La innovación en superficies permite llevar la estética de materiales nobles a zonas donde el original no siempre resulta práctico. Carla IV pone dos ejemplos claros: suelos imitación madera para baños y cocinas, y porcelánicos que reproducen la estética del mármol en encimeras. En la imagen, cocina Tangram de César by Nero.
La sostenibilidad entra en casa de una forma cada vez más concreta. No solo se trata de elegir materiales respetuosos con el planeta, sino también de pensar cómo afectan al bienestar diario: pinturas sin tóxicos, mobiliario con barnices ecológicos, textiles naturales o soluciones que mejoran el uso del agua y la energía. Carla IV lo resume como una tendencia que “no solo cuida el planeta, sino que nos cuida a nosotros”.
En la imagen, espacio diseñado por Lorenzo Castillo y recogido en el libro que lleva su nombre, editado por Ediciones El Viso.
La tecnología también tiene su hueco en la casa de forma discreta. Para Carla IV, “el verdadero equilibrio de un proyecto reside en combinar la tradición y lo natural con la tecnología”. La domótica permite controlar calefacción, persianas, electrodomésticos o iluminación para adaptar la vivienda a las rutinas de cada día.
Lo importante es que no sea tecnología por tecnología. Tiene sentido cuando simplifica: una persiana que baja en las horas de más sol, una calefacción programada por zonas o una escena de luz para ver la televisión, cenar o leer. Comedor con mesa oval, diseño de IN56 interiorismo.
Una buena iluminación puede transformar por completo la percepción de una casa. La tendencia no va solo de poner lámparas bonitas, sino de crear escenas que acompañen cada momento: luz más activa por la mañana, más cálida al final del día y puntual para leer, cocinar o trabajar.
Carla IV recuerda la importancia de respetar los ciclos circadianos y de diseñar una iluminación que pueda adaptarse a horarios y actividades. En la práctica, esto implica combinar luz general, luz ambiental y puntos de apoyo, y, si es posible, conectarlo a un sistema que permita regular intensidad y temperatura. En la imagen, un proyecto de Laura Cortázar de LC Interiores.
¡Se mantiene esta tendencia! La casa sigue buscando zonas comunes más amplias y conectadas. Cocinas integradas en el salón, comedores que se abren a la zona de estar o dormitorios infantiles comunicados responden a una forma de vivir más compartida.

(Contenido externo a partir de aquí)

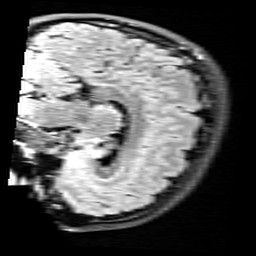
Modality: FLAIR
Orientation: sagittal
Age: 24
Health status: healthy
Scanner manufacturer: siemens
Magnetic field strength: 3 T
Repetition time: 9 s
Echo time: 0.088 s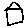
Label: house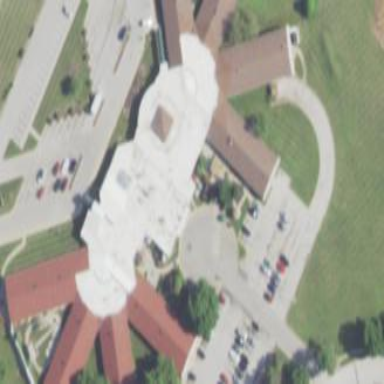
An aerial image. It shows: Nursing home building.
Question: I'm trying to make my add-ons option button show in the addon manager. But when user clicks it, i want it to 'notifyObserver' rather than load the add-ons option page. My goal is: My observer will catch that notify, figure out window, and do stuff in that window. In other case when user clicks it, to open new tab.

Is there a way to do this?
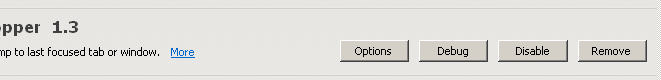
Answer: Sure there is a way, but not a good one, unfortunately. The logic is kinda <URL>
1. Have a stub options dialog (.xul) that notifies observers and then closes itself immediately. There will be a short flashing of that dialog, of course.
2. Overlay about:addons and chrome://mozapps/content/extensions/extensions.xul and hook the doCommand belonging to preferences.
3. Re-bind addon-generic, but patching/rebinding this monster of a binding is not only not easy but also very fragile (may get out of sync if future Firefox changes something) and also not even enough because there is still a menu item in the context menu.
So in conclusion: Either be OK with 1. or don't do this at all (because the gain does not nearly outweigh the fuss).
You could also add just a new button. E.g. in <URL> I added some new buttons by re-binding '.control-container'. See 'addonstab.*'.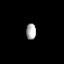
Tissue: prostate
Cell type: T cells
Senescence score: 0.6938
Nuclear area (px): 157
Mean DAPI intensity: 171.675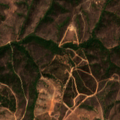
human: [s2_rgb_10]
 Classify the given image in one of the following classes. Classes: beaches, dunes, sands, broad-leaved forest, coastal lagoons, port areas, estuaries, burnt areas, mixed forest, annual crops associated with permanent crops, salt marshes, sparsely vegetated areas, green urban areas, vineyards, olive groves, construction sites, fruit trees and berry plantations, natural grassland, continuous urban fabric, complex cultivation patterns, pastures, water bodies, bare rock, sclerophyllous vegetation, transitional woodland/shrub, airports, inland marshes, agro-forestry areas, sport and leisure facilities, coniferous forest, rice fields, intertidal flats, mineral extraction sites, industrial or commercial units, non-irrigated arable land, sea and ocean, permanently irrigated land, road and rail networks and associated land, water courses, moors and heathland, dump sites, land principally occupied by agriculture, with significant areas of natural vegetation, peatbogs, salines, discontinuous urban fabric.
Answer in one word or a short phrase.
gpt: non-irrigated arable land, agro-forestry areas, broad-leaved forest, transitional woodland/shrub
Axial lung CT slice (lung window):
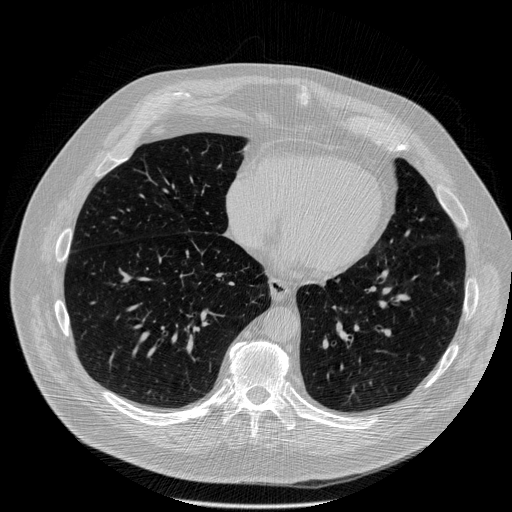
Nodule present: no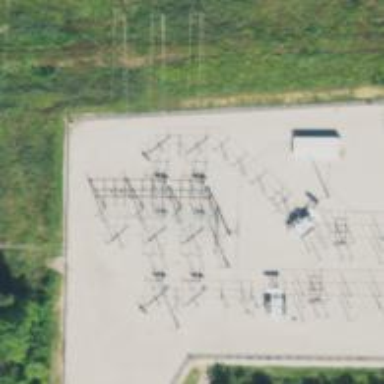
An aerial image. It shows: Switch used for power control.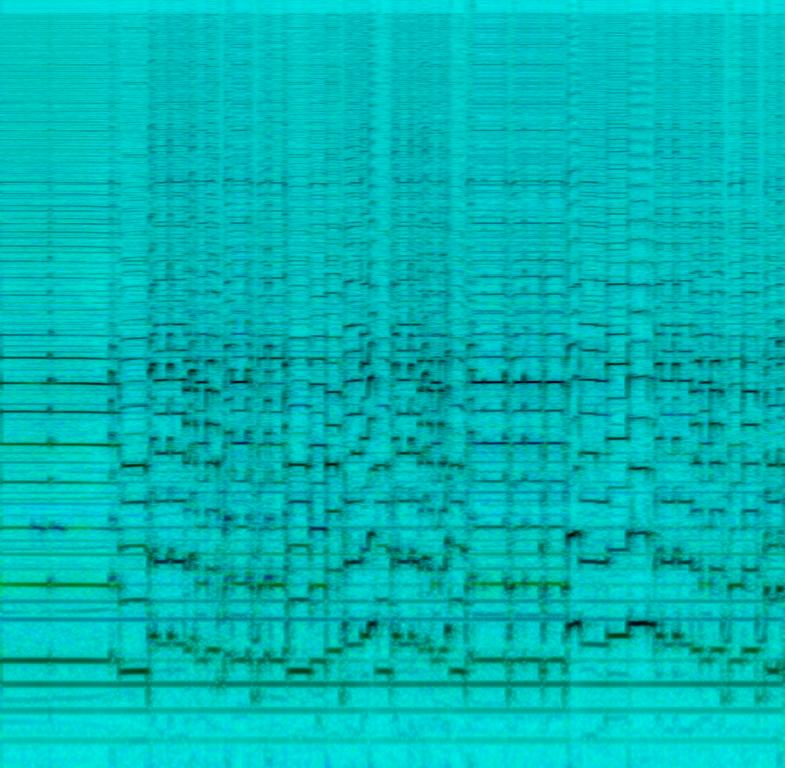
Someone is playing a fast melody on bagpipes in the lower higher register accompanied by a base drone sound. This song may be playing during a traditional ceremony or event.

Pero abrir no significa dejarlo todo expuesto sin control. Para que funcione, recuerda la interiorista al frente de Carla IV Interior Designs, conviene pensar en almacenaje, iluminación y materiales de continuidad. Este es un ático en Chamberí (Madrid) gestionado por KRETZ Family Real State.
En una época marcada por lo industrial y lo producido en masa,lo hecho a mano vuelve a tener valor. “Lo artesano, único e imperfecto se ha vuelto el nuevo lujo”, explica Carla IV. Cerámica, textiles, piezas de oficio, muebles recuperados o trabajos a medida aportan emoción a la decoración. Este comedor pertenece a un proyecto realizado por el estudio de Arquitectura interior y construcción Mausha Marsá.
Cómo saber qué tendencia merece la pena
Antes de incorporar una tendencia, Carla IV propone hacerse tres preguntas sencillas: ¿me facilita la vida?, ¿encaja con mi casa?, ¿podrá evolucionar conmigo? Si la respuesta es sí, probablemente sea una buena elección. Si exige demasiado mantenimiento, no responde a tus rutinas o envejece mal, quizá sea mejor dejarla pasar.